__EXERCISE REQUIREMENTS__
Every line holding the string "bare" is to be copied from the entries below.

Excerpts from a dataset:
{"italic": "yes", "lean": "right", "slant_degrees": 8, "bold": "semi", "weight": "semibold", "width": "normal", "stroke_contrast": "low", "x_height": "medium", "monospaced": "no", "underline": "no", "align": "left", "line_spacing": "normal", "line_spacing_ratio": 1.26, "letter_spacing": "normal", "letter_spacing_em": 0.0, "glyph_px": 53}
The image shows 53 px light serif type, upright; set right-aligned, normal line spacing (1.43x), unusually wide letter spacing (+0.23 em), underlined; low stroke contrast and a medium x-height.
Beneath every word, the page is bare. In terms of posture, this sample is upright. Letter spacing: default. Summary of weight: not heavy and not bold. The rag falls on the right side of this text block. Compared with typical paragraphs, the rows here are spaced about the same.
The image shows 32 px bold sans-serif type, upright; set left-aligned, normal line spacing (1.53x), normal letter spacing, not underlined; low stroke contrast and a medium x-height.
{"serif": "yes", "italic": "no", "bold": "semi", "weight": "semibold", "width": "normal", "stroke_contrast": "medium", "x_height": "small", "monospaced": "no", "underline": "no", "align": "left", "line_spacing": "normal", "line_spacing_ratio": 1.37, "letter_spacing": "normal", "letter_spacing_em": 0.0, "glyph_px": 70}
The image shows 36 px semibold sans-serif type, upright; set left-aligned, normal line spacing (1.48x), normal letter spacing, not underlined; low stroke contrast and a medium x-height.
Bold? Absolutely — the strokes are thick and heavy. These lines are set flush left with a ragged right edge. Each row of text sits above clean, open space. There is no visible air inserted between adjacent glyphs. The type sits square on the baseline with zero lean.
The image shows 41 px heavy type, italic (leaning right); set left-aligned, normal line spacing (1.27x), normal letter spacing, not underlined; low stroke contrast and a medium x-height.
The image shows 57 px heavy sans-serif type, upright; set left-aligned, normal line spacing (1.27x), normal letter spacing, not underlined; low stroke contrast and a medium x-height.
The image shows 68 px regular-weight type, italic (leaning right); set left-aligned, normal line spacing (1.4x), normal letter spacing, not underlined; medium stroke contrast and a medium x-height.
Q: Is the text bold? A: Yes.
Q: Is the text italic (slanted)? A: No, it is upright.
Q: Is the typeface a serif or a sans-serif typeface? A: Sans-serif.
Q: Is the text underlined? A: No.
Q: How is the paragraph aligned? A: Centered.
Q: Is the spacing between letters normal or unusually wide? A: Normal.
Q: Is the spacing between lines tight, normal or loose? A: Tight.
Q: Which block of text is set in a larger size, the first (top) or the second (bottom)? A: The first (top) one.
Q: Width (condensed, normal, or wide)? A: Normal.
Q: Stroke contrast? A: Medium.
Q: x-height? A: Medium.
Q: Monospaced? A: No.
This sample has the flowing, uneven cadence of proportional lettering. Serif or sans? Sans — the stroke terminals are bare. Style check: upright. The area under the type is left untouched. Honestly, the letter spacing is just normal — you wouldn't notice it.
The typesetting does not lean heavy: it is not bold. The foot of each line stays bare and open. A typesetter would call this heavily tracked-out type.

__TASK SOLUTION__
Beneath every word, the page is bare. In terms of posture, this sample is upright. Letter spacing: default. Summary of weight: not heavy and not bold. The rag falls on the right side of this text block. Compared with typical paragraphs, the rows here are spaced about the same.
This sample has the flowing, uneven cadence of proportional lettering. Serif or sans? Sans — the stroke terminals are bare. Style check: upright. The area under the type is left untouched. Honestly, the letter spacing is just normal — you wouldn't notice it.
The typesetting does not lean heavy: it is not bold. The foot of each line stays bare and open. A typesetter would call this heavily tracked-out type.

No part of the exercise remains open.